A dry bag is a little bit easier to transport since you can throw it over your shoulder, but a canoe barrel is just as effective in keeping your stuff dry, and you can pack a lot into these containers. As a rule of thumb, if you want to access something frequently (your phone, for example), put it in a dry bag. If you only plan on accessing something when you need it, or at a specific time (lunch, for example), it is just easily put into a canoe barrel.
The 30L barrel from Recreational Barrel Works Inc. is the right size for me. It’s tough, durable, and easy to carry and store.
12. Waterproof speakers
I love listening to music and podcasts while fishing. Sometimes I even listen to podcasts about fishing while I’m out on the water. It’s kind of like having your friends with you on a fishing trip!
I have some friends who prefer silence and the sounds of nature, and at times I do too. At other times, I prefer AC/DC.
A waterproof Bluetooth speaker allows you to easily play audio from your phone or device. Make sure to find a model with a strong battery, so it will have enough charge to last you before it needs to be plugged in.
Amazon has some great waterproof Bluetooth speakers that are affordable and will do the job without taking up too much space.
13. Portage Yoke Pad
Portage is one of the most uncomfortable parts of canoeing, which is why I appreciate yoke pads so much.
A yoke pad fixes itself to the yoke of your canoe and fits between the yoke and your shoulders to provide additional cushion and support. It doesn’t make the canoe any easier to lift, but it does help with weight distribution and pressure.

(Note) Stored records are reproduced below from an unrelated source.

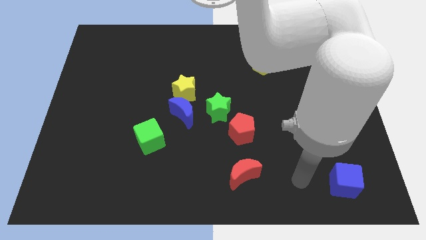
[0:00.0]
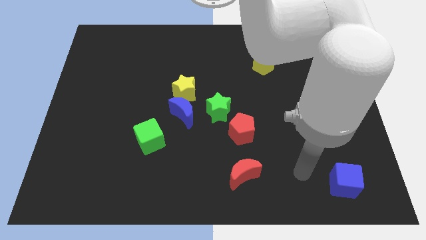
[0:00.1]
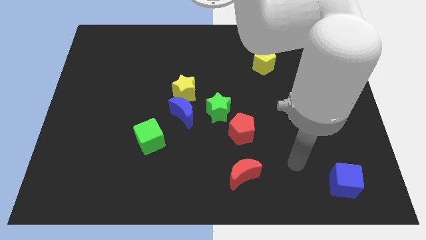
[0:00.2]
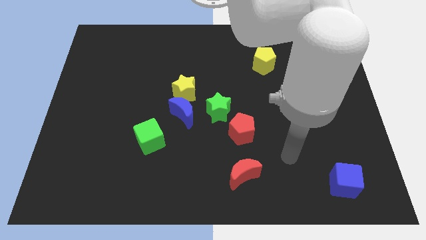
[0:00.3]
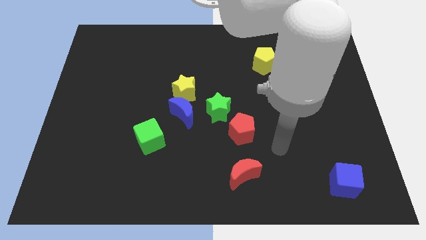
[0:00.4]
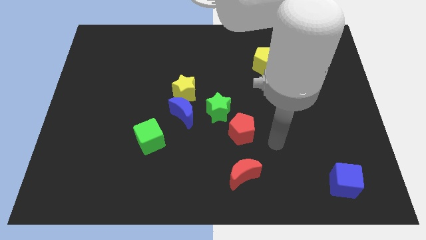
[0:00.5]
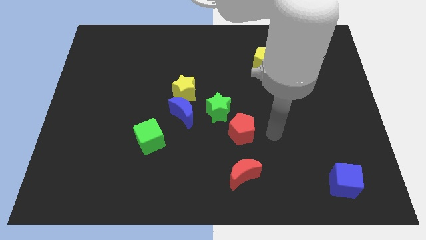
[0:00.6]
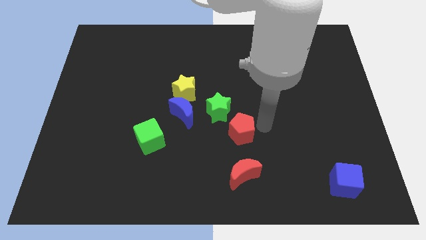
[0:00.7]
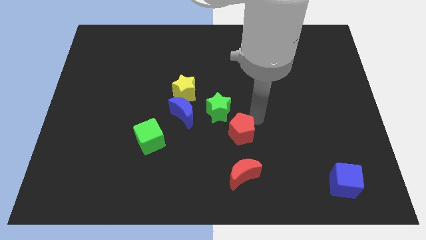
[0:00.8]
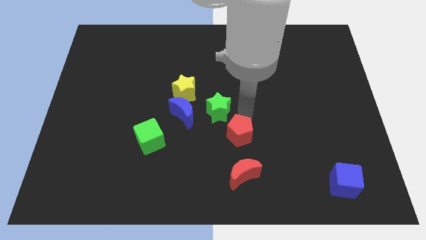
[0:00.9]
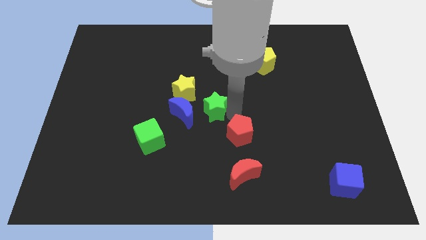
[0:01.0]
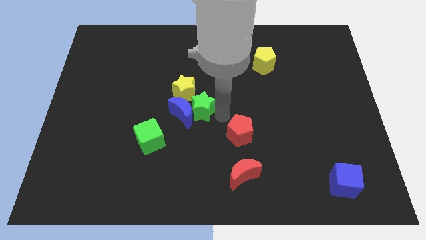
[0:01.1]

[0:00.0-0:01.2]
separate the red pentagon from the green star

The Level Six Helium Yoke Pad is soft and supportive and fits on any canoe. The grip-tex fabric keeps it from slipping, and the air mesh panels keep it breathable and prevent overheating.
14. Canoe Sails
If you’ve ever been out canoeing in high wind, you know how choppy and difficult conditions can be. Even when the wind is at your back, paddling can be a challenge.
A canoe sail harnesses the power of the wind and turns that into pure acceleration, to help you cut through the chop and get where you’re going.

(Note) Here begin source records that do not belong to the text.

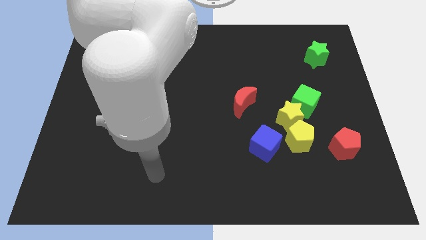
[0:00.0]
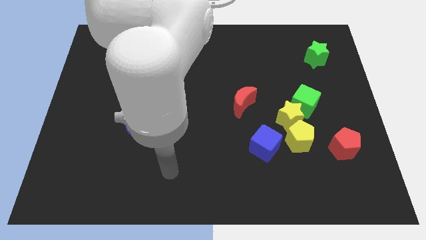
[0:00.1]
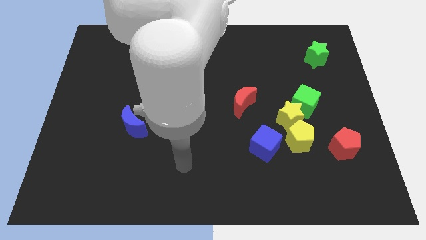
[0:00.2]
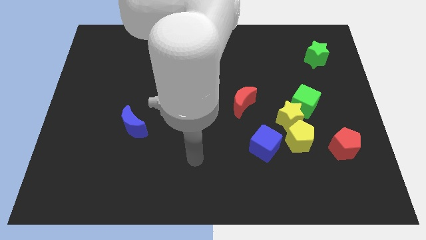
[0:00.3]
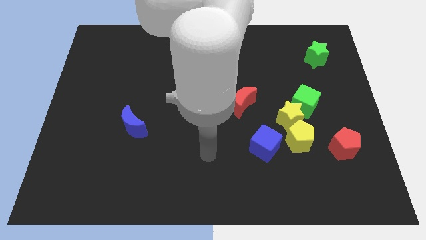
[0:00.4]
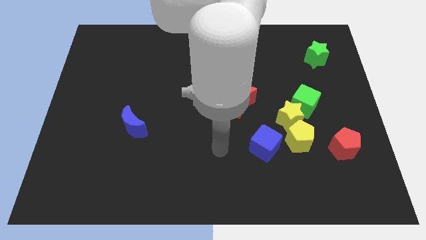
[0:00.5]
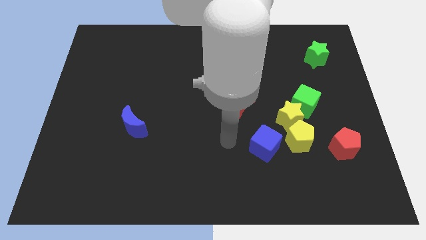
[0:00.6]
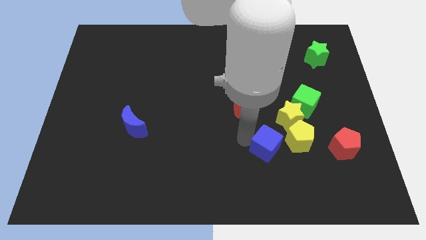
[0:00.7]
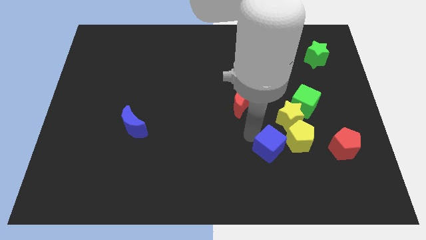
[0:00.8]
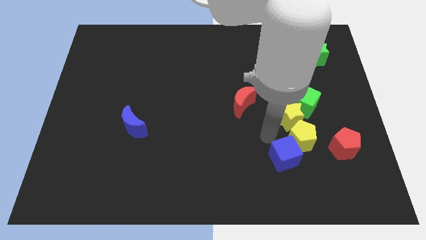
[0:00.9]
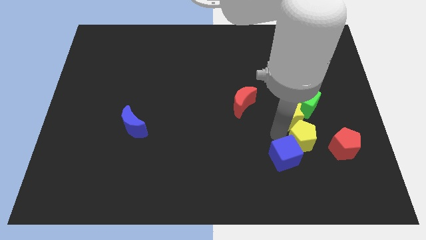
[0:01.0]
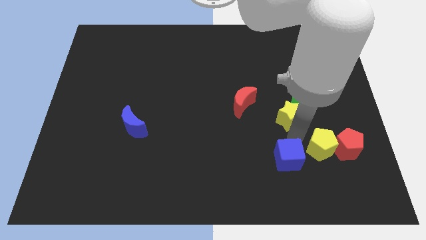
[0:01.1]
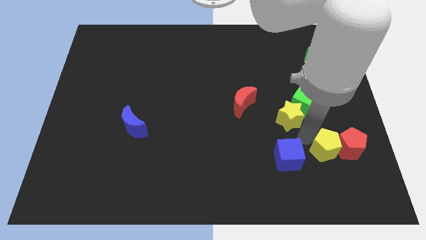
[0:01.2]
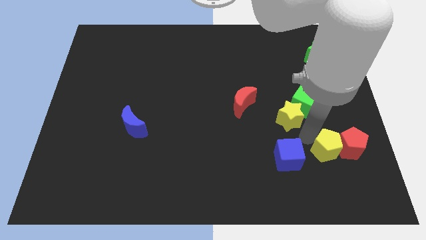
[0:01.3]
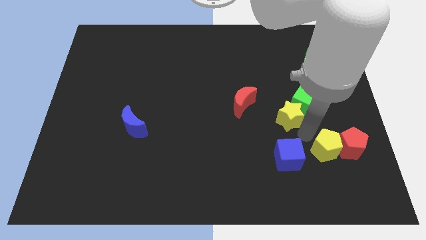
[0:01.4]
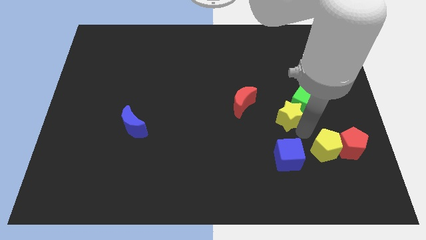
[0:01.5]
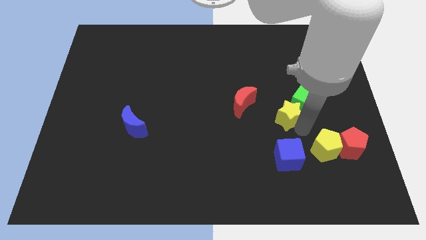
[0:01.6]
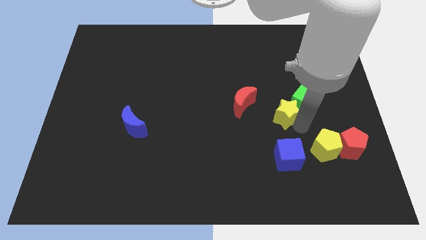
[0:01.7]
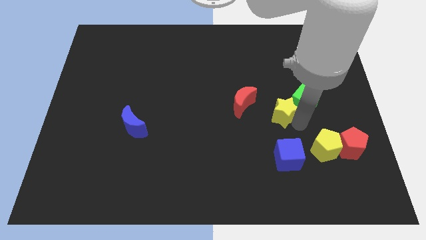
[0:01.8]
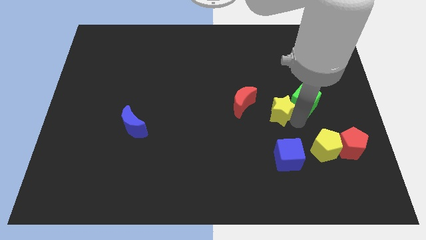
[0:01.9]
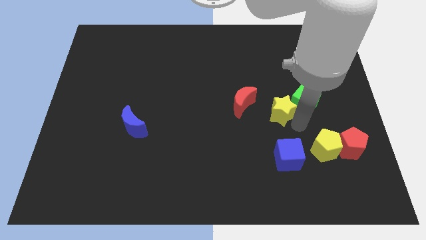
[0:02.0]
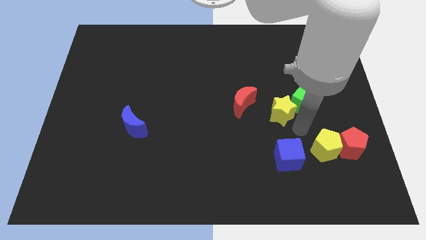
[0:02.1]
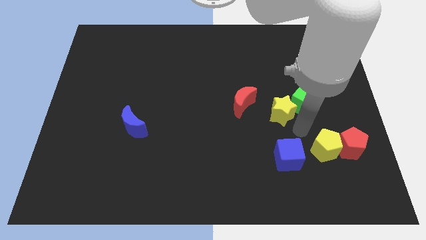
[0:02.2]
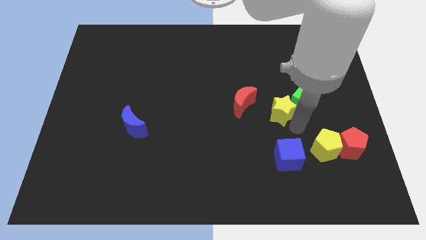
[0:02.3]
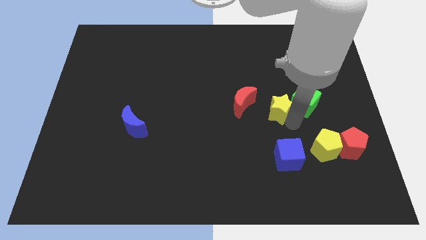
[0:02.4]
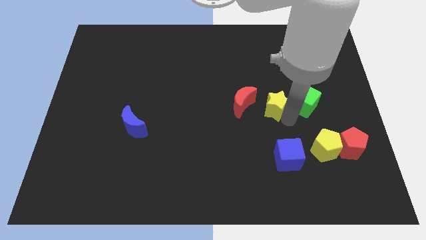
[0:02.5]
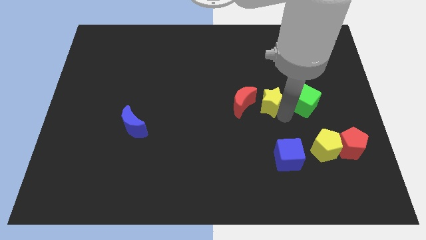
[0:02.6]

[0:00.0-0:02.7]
pull the yellow star apart from the green cube, yellow pentagon, and blue cube

Unlike the sail on a sailboat, you don’t have a lot of directional control. You can steer a little bit with a paddle, but you don’t have a keel like a boat, so the physics of canoe sailing is more like a kite and a kiteboarder than a sailboat.
Thankfully, that means they are really easy to use! All you need to do is attach the sail and let the wind blow into it and pull you along.
This downwind sail is sturdy, easy to use, and foldable, so it doesn’t take up too much space with your gear.
15. Padded Seat
One of the best canoe fishing accessories out there, in my opinion, is the padded seat.
Most canoes just aren’t that comfortable to sit in for long periods, whether you are paddling or fishing. They are rigid, and most of them are unsupportive.
If you are going to be fishing all day, you don’t want to develop a backache and cramps from sitting on a hard, cramped bench.
A padded seat can attach to the bench in your canoe and provide some cushion and lumbar support. This makes both paddling and relaxing more comfortable, which helps you enjoy your canoe more overall.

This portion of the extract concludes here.